Hey, Narcissus. We'll Voldemort has Protego for such an offense, not to mention what he had done to Snape within Deathly Hallows. That offense is something that would be most dangerous within this battle. Not to mention, theoretically, couldn't be transfigure such an offense?


----------



## neodragzero (Jul 12, 2009)

Bartallen2 said:


> You mean how Sidious was able to display his precognition on Vader before he threw him down the reactor core shaft of the Death Star?



Yeah, it's not like precog is a general Jedi/Sith ability that can be countered back and forth.

Movie Voldemort has precog?


----------



## Tranquil Fury (Jul 12, 2009)

Bartallen2 said:


> Voldemort has been seen to do such an offense within seconds, sometimes not even speaking.



What part of precog do you not understand?


----------



## Narcissus (Jul 12, 2009)

Bartallen2 said:


> Hey, Narcissus. We'll Voldemort has Protego for such an offense, not to mention what he had done to Snape within Deathly Hallows. That offense is something that would be most dangerous within this battle. Not to mention, theoretically, couldn't be transfigure such an offense?



Like I said, he will never have the chance to use any of his powers. So while he could use transfiguration on Sidious, he'll be blasted by force lightning first, and Voldemort has never been shown to react to lightning, even fake lightning, so he won't cast protego in time.


----------



## Bart (Jul 12, 2009)

neodragzero said:


> Yeah, it's not like precog is a general Jedi/Sith ability that can be countered back and forth.
> 
> Movie Voldemort has precog?



Voldemort had Legilimency.


----------



## Onomatopoeia (Jul 12, 2009)

So he can read minds. It's not like Jedi/Sith can do this too or have any way to block it.

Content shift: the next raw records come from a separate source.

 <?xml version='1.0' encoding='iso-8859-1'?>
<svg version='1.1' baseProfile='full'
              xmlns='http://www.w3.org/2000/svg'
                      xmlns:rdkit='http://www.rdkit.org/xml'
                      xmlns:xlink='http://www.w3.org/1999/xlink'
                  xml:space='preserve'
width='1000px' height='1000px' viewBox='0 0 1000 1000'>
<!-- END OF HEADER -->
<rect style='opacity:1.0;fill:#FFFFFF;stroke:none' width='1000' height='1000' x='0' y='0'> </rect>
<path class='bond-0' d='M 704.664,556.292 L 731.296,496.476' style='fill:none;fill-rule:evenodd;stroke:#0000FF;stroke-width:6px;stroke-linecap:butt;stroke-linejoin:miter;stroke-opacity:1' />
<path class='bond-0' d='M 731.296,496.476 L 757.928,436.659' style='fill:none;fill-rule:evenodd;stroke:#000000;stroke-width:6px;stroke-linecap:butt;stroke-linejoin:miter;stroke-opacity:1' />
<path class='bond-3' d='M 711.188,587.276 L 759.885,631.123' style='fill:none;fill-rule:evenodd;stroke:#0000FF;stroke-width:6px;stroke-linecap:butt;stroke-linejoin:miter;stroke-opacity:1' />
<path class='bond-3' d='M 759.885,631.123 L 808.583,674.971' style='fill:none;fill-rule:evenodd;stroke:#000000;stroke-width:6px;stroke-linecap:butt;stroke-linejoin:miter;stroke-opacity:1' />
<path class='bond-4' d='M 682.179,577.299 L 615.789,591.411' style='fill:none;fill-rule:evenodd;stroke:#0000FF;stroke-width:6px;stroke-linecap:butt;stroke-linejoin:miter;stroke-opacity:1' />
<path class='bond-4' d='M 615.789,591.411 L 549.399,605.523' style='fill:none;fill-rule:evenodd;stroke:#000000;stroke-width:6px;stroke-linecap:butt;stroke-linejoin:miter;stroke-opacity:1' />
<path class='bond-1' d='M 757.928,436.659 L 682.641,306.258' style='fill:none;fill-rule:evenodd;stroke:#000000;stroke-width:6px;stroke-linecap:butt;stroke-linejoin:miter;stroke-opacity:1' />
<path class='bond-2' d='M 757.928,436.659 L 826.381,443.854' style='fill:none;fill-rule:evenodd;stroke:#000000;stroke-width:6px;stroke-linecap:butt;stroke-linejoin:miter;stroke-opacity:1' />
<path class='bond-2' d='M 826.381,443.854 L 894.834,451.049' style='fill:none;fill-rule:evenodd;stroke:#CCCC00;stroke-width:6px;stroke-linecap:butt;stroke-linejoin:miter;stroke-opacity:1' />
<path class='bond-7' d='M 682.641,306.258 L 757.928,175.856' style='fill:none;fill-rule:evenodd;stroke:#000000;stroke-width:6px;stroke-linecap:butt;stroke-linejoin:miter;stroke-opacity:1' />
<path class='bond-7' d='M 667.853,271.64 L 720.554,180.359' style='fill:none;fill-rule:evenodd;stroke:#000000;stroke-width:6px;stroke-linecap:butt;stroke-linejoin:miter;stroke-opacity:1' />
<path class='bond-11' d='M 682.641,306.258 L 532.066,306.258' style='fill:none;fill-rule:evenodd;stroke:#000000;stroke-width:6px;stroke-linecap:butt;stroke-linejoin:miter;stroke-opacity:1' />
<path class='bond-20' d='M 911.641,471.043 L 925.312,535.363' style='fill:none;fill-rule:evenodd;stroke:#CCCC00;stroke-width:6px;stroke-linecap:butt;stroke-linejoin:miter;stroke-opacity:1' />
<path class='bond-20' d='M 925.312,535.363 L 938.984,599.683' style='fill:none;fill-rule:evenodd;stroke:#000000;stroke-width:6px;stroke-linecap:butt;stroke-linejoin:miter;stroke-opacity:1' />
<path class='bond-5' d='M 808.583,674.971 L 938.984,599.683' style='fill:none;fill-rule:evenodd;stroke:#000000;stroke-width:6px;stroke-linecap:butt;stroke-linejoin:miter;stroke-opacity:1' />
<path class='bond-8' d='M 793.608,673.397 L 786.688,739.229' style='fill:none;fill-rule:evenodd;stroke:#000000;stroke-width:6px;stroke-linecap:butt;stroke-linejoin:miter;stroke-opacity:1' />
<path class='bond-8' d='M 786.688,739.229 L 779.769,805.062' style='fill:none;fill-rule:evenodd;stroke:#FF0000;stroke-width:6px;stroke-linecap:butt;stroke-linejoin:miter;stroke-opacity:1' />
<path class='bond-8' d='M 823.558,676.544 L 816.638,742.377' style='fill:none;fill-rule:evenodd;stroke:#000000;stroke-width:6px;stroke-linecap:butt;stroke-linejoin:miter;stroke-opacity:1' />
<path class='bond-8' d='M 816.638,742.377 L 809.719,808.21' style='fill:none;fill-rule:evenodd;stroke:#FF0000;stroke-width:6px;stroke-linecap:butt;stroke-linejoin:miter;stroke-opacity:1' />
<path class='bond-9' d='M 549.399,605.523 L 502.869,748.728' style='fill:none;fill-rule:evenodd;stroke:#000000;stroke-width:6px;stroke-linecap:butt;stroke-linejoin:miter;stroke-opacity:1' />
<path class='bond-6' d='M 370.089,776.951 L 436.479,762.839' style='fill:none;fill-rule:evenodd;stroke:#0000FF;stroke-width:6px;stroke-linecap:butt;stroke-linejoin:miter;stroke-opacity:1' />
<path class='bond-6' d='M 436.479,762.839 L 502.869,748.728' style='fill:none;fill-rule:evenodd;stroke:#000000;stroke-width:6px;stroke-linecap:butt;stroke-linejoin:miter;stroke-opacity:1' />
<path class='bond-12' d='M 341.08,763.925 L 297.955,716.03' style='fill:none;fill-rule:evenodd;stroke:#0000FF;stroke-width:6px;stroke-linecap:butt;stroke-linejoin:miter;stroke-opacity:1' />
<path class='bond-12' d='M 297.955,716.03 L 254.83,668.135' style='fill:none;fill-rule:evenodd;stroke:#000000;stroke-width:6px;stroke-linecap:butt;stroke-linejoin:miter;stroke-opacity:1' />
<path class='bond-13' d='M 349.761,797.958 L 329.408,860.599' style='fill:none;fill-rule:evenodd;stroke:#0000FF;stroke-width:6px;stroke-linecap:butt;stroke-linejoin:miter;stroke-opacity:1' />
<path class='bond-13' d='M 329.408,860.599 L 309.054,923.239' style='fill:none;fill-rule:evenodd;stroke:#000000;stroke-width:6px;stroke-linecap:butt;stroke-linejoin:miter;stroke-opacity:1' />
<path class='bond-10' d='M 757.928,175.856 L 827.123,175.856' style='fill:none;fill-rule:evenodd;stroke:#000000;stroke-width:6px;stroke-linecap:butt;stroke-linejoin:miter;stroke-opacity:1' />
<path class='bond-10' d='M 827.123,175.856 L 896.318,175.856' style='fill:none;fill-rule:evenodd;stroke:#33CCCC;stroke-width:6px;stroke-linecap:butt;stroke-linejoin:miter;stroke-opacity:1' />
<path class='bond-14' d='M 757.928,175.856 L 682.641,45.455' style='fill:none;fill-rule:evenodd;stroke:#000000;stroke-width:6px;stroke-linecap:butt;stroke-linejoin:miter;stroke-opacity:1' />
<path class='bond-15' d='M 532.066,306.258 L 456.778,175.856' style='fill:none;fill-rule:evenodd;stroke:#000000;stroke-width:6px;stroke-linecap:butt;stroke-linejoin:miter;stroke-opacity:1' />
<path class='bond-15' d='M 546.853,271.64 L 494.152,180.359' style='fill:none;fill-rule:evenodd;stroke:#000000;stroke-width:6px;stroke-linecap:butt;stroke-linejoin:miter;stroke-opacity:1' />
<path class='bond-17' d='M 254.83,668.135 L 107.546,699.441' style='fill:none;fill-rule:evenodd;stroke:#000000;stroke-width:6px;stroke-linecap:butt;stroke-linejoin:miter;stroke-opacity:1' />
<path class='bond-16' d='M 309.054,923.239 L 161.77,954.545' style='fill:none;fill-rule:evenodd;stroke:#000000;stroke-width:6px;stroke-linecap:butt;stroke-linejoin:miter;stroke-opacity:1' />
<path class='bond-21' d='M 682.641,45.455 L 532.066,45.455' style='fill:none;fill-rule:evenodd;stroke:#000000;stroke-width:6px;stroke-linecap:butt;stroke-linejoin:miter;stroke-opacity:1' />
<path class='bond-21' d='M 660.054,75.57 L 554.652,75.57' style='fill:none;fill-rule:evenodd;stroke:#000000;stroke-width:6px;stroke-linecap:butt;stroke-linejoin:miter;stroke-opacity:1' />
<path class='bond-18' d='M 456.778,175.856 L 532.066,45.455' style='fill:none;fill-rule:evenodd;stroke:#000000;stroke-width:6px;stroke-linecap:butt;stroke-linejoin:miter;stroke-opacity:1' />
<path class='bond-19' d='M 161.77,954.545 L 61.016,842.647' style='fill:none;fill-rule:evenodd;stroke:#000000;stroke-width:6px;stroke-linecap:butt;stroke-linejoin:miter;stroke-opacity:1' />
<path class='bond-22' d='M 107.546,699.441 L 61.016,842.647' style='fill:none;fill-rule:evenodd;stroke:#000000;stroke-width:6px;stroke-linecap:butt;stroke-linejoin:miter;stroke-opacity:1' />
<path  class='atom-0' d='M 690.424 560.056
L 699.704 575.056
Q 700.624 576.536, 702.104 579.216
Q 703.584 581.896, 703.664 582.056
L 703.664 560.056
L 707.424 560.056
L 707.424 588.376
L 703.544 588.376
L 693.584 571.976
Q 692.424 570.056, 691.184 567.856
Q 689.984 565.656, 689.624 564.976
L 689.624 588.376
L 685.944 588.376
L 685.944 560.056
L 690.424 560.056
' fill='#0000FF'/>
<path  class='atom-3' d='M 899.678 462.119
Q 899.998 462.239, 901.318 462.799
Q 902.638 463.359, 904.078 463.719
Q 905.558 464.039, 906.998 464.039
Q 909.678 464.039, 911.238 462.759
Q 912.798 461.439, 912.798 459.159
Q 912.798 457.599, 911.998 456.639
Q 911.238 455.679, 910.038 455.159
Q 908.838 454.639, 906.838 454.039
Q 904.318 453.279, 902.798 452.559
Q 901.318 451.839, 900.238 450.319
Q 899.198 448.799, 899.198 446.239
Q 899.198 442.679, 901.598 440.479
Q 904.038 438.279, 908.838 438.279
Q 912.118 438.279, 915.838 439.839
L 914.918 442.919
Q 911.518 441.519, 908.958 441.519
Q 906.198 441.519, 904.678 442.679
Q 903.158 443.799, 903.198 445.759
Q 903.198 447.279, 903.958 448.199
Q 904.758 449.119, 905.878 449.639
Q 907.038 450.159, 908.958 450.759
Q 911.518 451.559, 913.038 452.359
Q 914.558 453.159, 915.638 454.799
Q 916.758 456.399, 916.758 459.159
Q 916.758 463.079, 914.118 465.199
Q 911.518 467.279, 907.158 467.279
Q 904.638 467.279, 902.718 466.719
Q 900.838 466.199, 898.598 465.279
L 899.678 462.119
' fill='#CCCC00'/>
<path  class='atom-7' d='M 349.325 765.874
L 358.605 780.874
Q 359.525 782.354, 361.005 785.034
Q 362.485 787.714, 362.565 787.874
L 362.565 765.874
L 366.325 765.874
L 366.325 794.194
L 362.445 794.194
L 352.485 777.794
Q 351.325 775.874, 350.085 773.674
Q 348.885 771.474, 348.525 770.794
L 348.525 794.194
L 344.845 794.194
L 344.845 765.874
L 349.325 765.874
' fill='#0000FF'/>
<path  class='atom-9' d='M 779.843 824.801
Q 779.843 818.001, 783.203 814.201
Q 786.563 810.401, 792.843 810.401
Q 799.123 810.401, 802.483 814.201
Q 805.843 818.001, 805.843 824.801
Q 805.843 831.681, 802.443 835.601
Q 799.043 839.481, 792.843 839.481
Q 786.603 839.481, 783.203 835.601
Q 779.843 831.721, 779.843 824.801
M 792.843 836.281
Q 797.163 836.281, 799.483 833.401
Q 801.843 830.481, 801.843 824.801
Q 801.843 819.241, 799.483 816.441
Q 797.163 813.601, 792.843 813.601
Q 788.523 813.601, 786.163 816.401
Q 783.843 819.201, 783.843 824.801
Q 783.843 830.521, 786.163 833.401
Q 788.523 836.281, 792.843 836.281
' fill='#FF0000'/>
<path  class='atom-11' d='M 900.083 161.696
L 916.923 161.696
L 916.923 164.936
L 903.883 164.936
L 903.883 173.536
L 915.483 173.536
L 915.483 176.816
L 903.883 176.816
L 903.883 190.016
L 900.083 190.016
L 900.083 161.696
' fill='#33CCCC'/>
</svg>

 Big froopin whoop. He still loses his head.


----------



## Bart (Jul 12, 2009)

Onomatopoeia said:


> So he can read minds. It's not like Jedi/Sith can do this too or have any way to block it.
> 
> Big froopin whoop. He still loses his head.



Awesome post. Indeed, but I believe precognition requires concentration within the Star Wars Universe.


----------



## Onomatopoeia (Jul 12, 2009)

So we've established that concentration is necessary for precognition and Voldy loses his head. Then we're all on the same page.


----------



## Bart (Jul 12, 2009)

Onomatopoeia said:


> So we've established that concentration is necessary for precognition and Voldy loses his head. Then we're all on the same page.



Ah, ok kk  But, as I said before, what's stopping Voldemort from saying, "Accio Lightsaber"?


----------



## Narcissus (Jul 12, 2009)

Bartallen2 said:


> Ah, ok kk  But, as I said before, what's stopping Voldemort from saying, "Accio Lightsaber"?



A bolt of lightning to the face.


----------



## neodragzero (Jul 12, 2009)

Bartallen2 said:


> Ah, ok kk  But, as I said before, what's stopping Voldemort from saying, "Accio Lightsaber"?



Not having an attached head.


----------



## Emperor Joker (Jul 12, 2009)

Bartallen2 said:


> Ah, ok kk  But, as I said before, what's stopping Voldemort from saying, "Accio Lightsaber"?



Said lightsaber being buried in his skull.


----------



## Tranquil Fury (Jul 12, 2009)

Bartallen2 said:


> Awesome post. Indeed, but I believe precognition requires concentration within the Star Wars Universe.



Did'nt Vader use Precog to deflect Han Solo's blast in the original trilogy? Sidious is definately above Vader at that point.


----------



## Onomatopoeia (Jul 12, 2009)

Generally being dead.


----------



## Bart (Jul 12, 2009)

I found it utterly funny that Narcissus, Neodragzero and KingOfShippers responded to the exact same post with such effective answers


----------



## Narcissus (Jul 12, 2009)

What is with your sycophantic behavior?  Stop it, it's making me sick.


----------



## Bart (Jul 12, 2009)

Narcissus said:


> What is with your sycophantic behavior?  Stop it, it's making me sick.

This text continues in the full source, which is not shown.